Thu Nov 9 07:17:09 UTC 2017

Thanks. good to know. 

Met vriendelijke groet, 

Mike Hulsman 

Proxy Managed Services B.V. | www.proxy.nl | Enterprise IT-Infra, Open Source and Cloud Technology 
Delftweg 128 3043 NB Rotterdam The Netherlands | +31 10 307 0965 

> From: "Atin Mukherjee" <amukherj at redhat.com>
> To: "Mike Hulsman" <mike.hulsman at proxy.nl>
> Cc: "Jo Goossens" <jo.goossens at hosted-power.com>, "gluster-users"
> <gluster-users at gluster.org>
> Sent: Wednesday, November 8, 2017 2:12:02 PM
> Subject: Re: [Gluster-users] BUG: After stop and start wrong port is advertised

> We've a fix in release-3.10 branch which is merged and should be available in
> the next 3.10 update.

> On Wed, Nov 8, 2017 at 4:58 PM, Mike Hulsman < mike.hulsman at proxy.nl > wrote:

>> Hi,

>> This bug is hitting me hard on two different clients.
>> In RHGS 3.3 and on glusterfs 3.10.2 on Centos 7.4
>> in once case I had 59 differences in a total of 203 bricks.

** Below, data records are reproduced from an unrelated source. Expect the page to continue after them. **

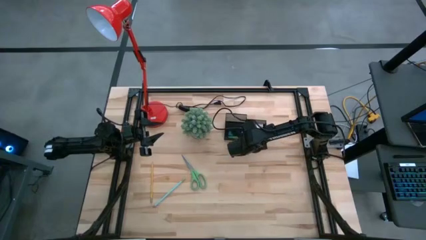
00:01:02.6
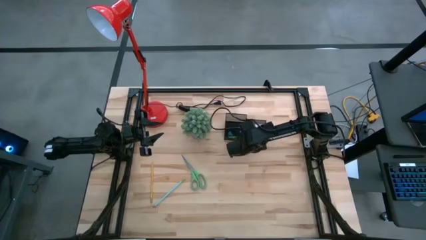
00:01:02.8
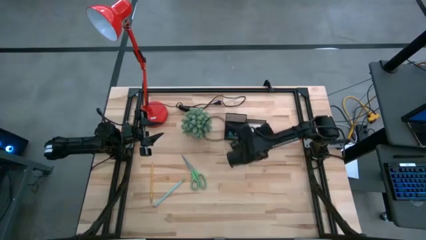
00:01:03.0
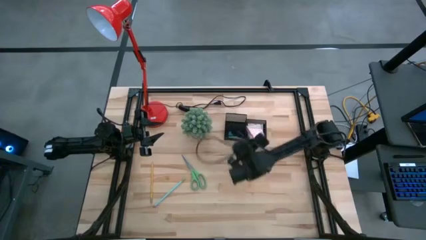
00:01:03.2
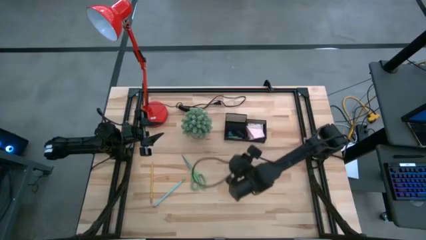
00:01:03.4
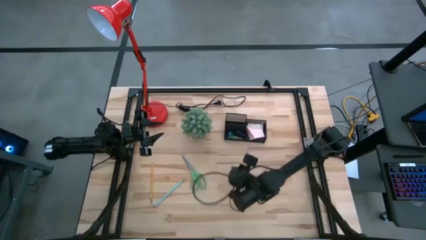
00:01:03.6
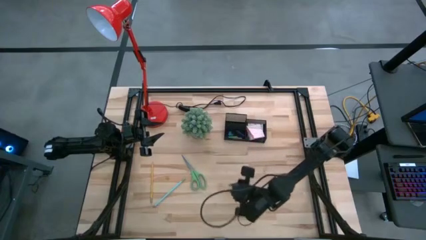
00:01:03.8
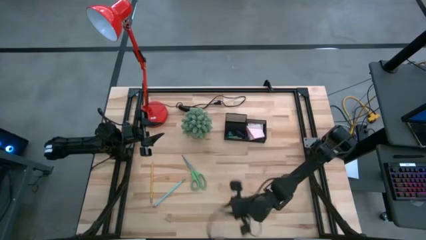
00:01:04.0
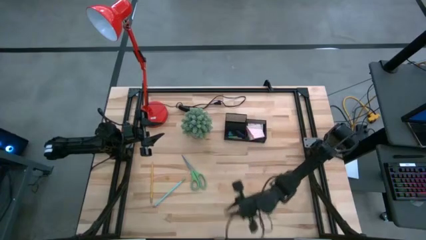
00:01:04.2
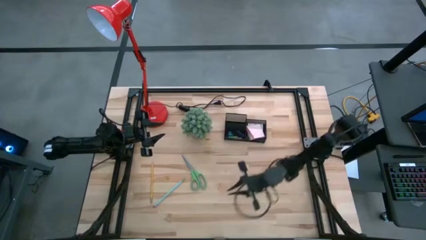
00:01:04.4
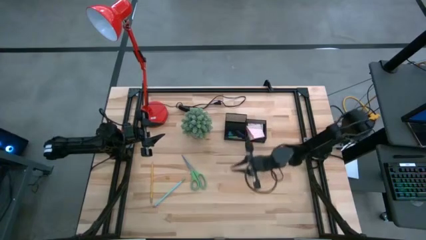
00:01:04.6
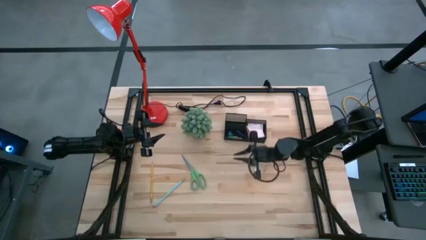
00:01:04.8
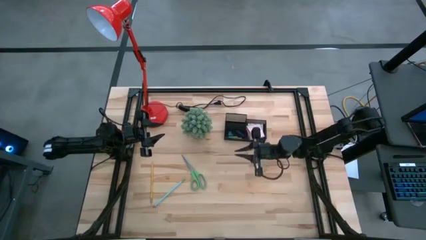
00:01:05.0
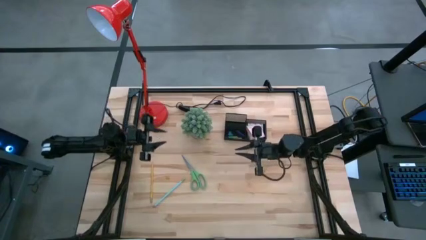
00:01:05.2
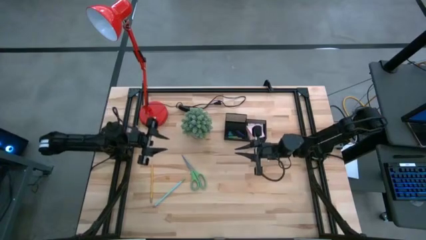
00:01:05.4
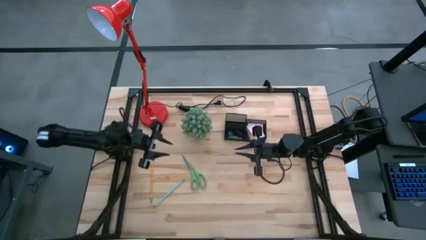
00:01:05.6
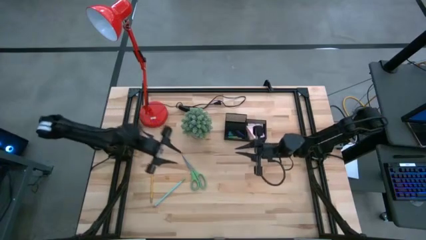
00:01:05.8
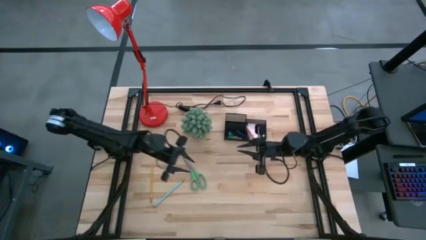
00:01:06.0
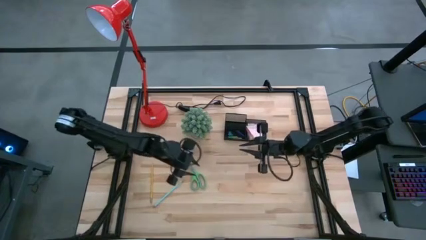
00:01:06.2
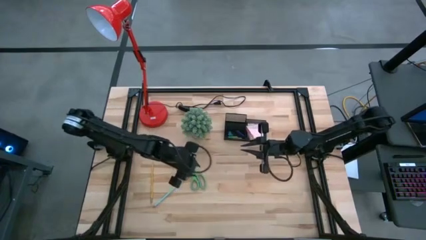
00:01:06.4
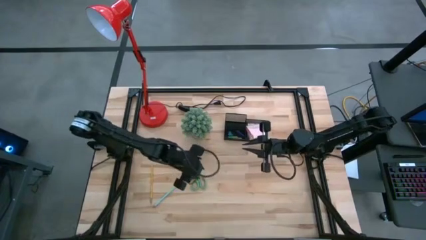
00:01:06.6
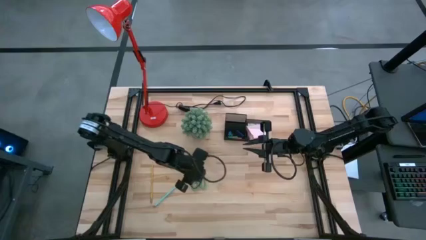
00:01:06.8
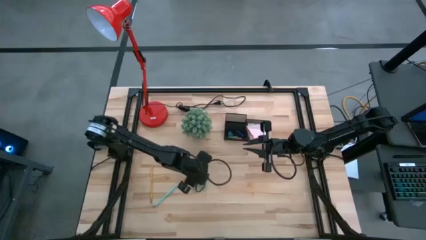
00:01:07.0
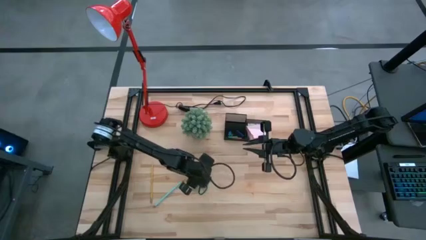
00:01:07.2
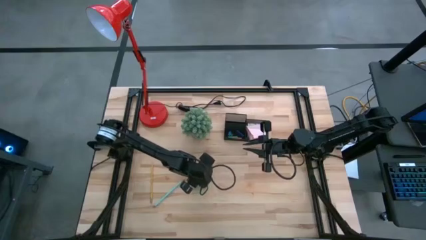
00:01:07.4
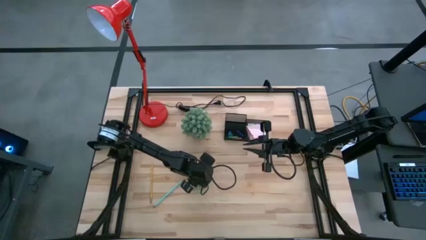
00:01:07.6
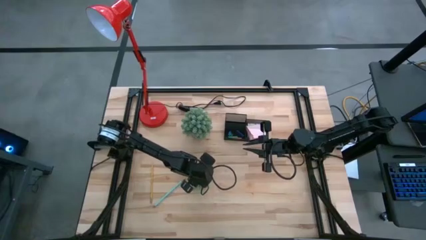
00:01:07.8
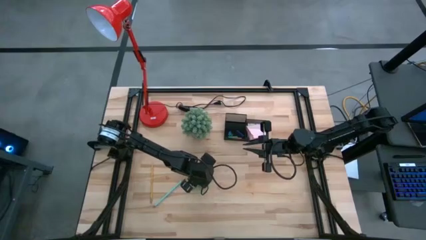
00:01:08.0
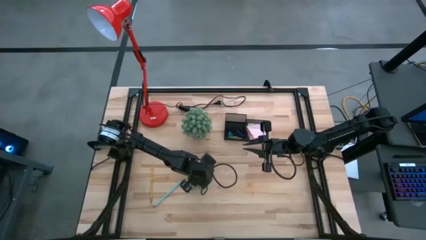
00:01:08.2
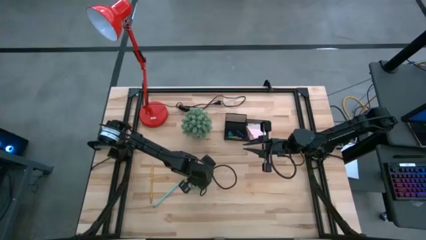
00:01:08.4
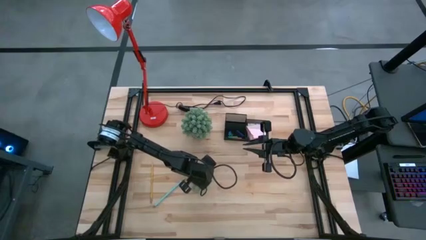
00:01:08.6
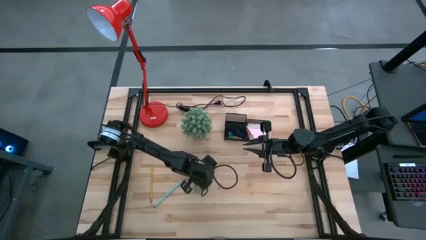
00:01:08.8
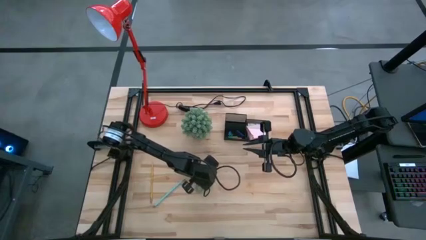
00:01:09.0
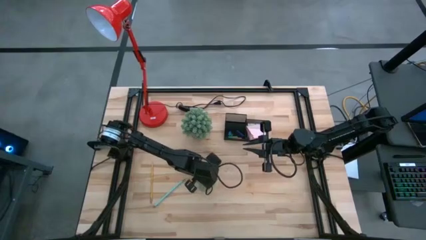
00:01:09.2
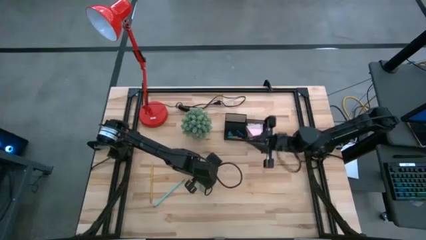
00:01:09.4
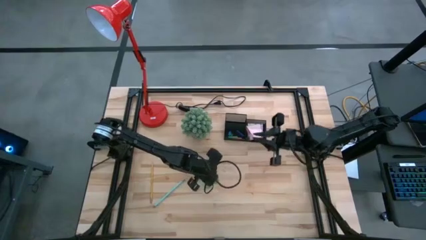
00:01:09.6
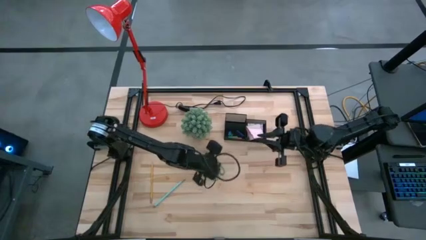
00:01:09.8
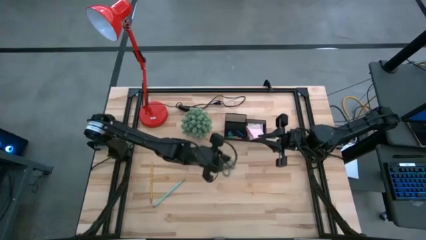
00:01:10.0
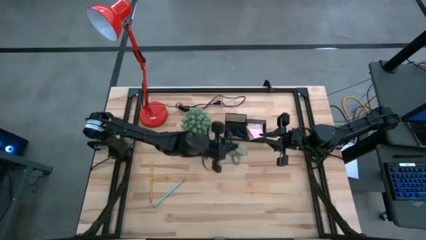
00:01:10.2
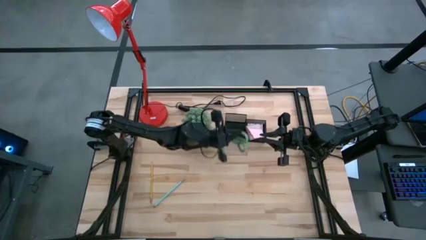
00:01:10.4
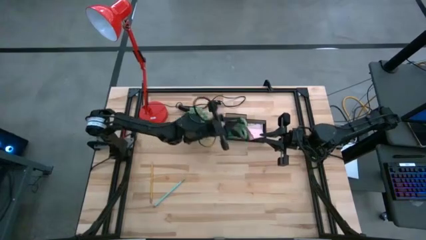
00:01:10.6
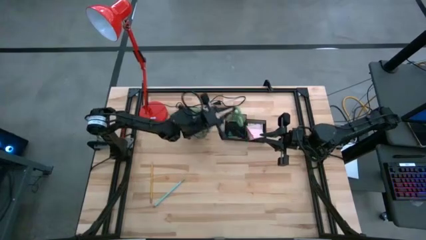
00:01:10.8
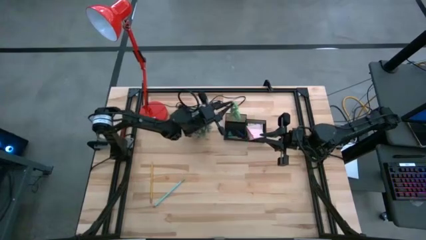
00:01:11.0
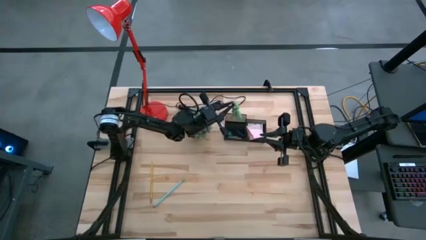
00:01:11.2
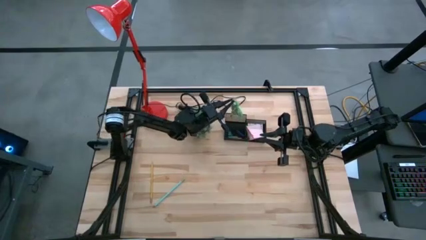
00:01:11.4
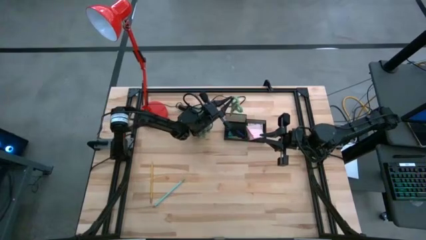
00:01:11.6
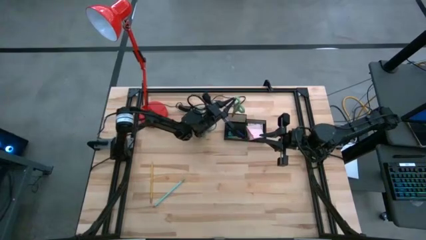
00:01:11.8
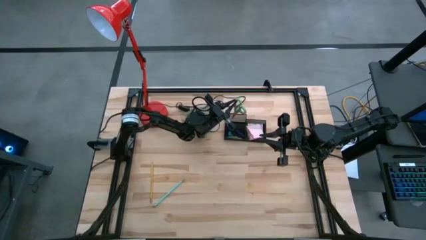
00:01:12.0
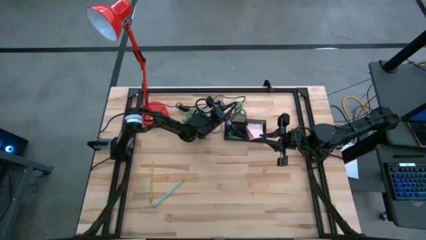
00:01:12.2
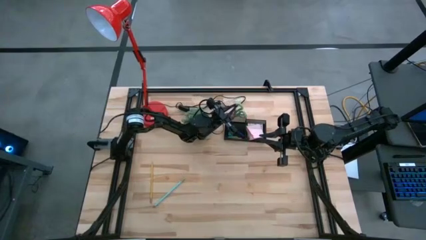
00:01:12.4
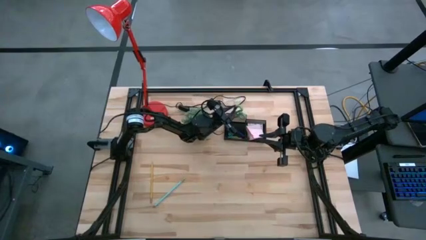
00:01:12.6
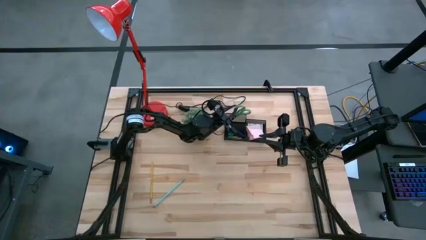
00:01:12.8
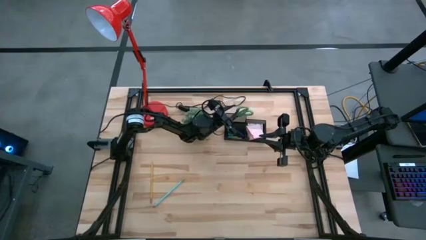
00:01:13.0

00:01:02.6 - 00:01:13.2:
Task: Pick and place office supplies into organizer
Put the green scissor into the black desk organizer

>> I wrote a quick and dirty script to check all ports against the brick file and
>> the running process.
>> #!/bin/bash

>> Host=`uname -n| awk -F"." '{print $1}'`
>> GlusterVol=`ps -eaf | grep /usr/sbin/glusterfsd| grep -v grep | awk '{print
>> $NF}'| awk -F"-server" '{print $1}'|sort | uniq`
>> Port=`ps -eaf | grep /usr/sbin/glusterfsd| grep -v grep | awk '{print $NF}'| awk
>> -F"." '{print $NF}'`

>> for Volumes in ${GlusterVol};
>> do
>> cd /var/lib/glusterd/vols/${Volumes}/bricks
>> Bricks=`ls ${Host}*`
>> for Brick in ${Bricks};
>> do
>> Onfile=`grep ^listen-port "${Brick}"`
>> BrickDir=`echo "${Brick}"| awk -F":" '{print $2}'| cut -c2-`
>> Daemon=`ps -eaf | grep "\${BrickDir}.pid" |grep -v grep | awk '{print $NF}' |
>> awk -F"." '{print $2}'`
>> #echo Onfile: ${Onfile}
>> #echo Daemon: ${Daemon}
>> if [ "${Onfile}" = "${Daemon}" ]; then
>> echo "OK For ${Brick}"
>> else
>> echo "!!! NOT OK For ${Brick}"
>> fi
>> done
>> done

>> Met vriendelijke groet,

>> Mike Hulsman

>> Proxy Managed Services B.V. | www.proxy.nl | Enterprise IT-Infra, Open Source
>> and Cloud Technology
>> Delftweg 128 3043 NB Rotterdam The Netherlands | +31 10 307 0965

>>> From: "Jo Goossens" < jo.goossens at hosted-power.com >
>>> To: "Atin Mukherjee" < amukherj at redhat.com >
>>> Cc: gluster-users at gluster.org
>>> Sent: Friday, October 27, 2017 11:06:35 PM
>>> Subject: Re: [Gluster-users] BUG: After stop and start wrong port is advertised

>>> RE: [Gluster-users] BUG: After stop and start wrong port is advertised

>>> Hello Atin,

>>> I just read it and very happy you found the issue. We really hope this will be
>>> fixed in the next 3.10.7 version!

>>> PS: Wow nice all that c code and those "goto out" statements (not always
>>> considered clean but the best way often I think). Can remember the days I wrote
>>> kernel drivers myself in c :)

>>> Regards

>>> Jo Goossens

>>>> -----Original message-----
>>>> From: Atin Mukherjee < amukherj at redhat.com >
>>>> Sent: Fri 27-10-2017 21:01
>>>> Subject: Re: [Gluster-users] BUG: After stop and start wrong port is advertised
>>>> To: Jo Goossens < jo.goossens at hosted-power.com >;
>>>> CC: gluster-users at gluster.org ;
>>>> We (finally) figured out the root cause, Jo!
>>>> Patch https://review.gluster.org/#/c/18579 posted upstream for review.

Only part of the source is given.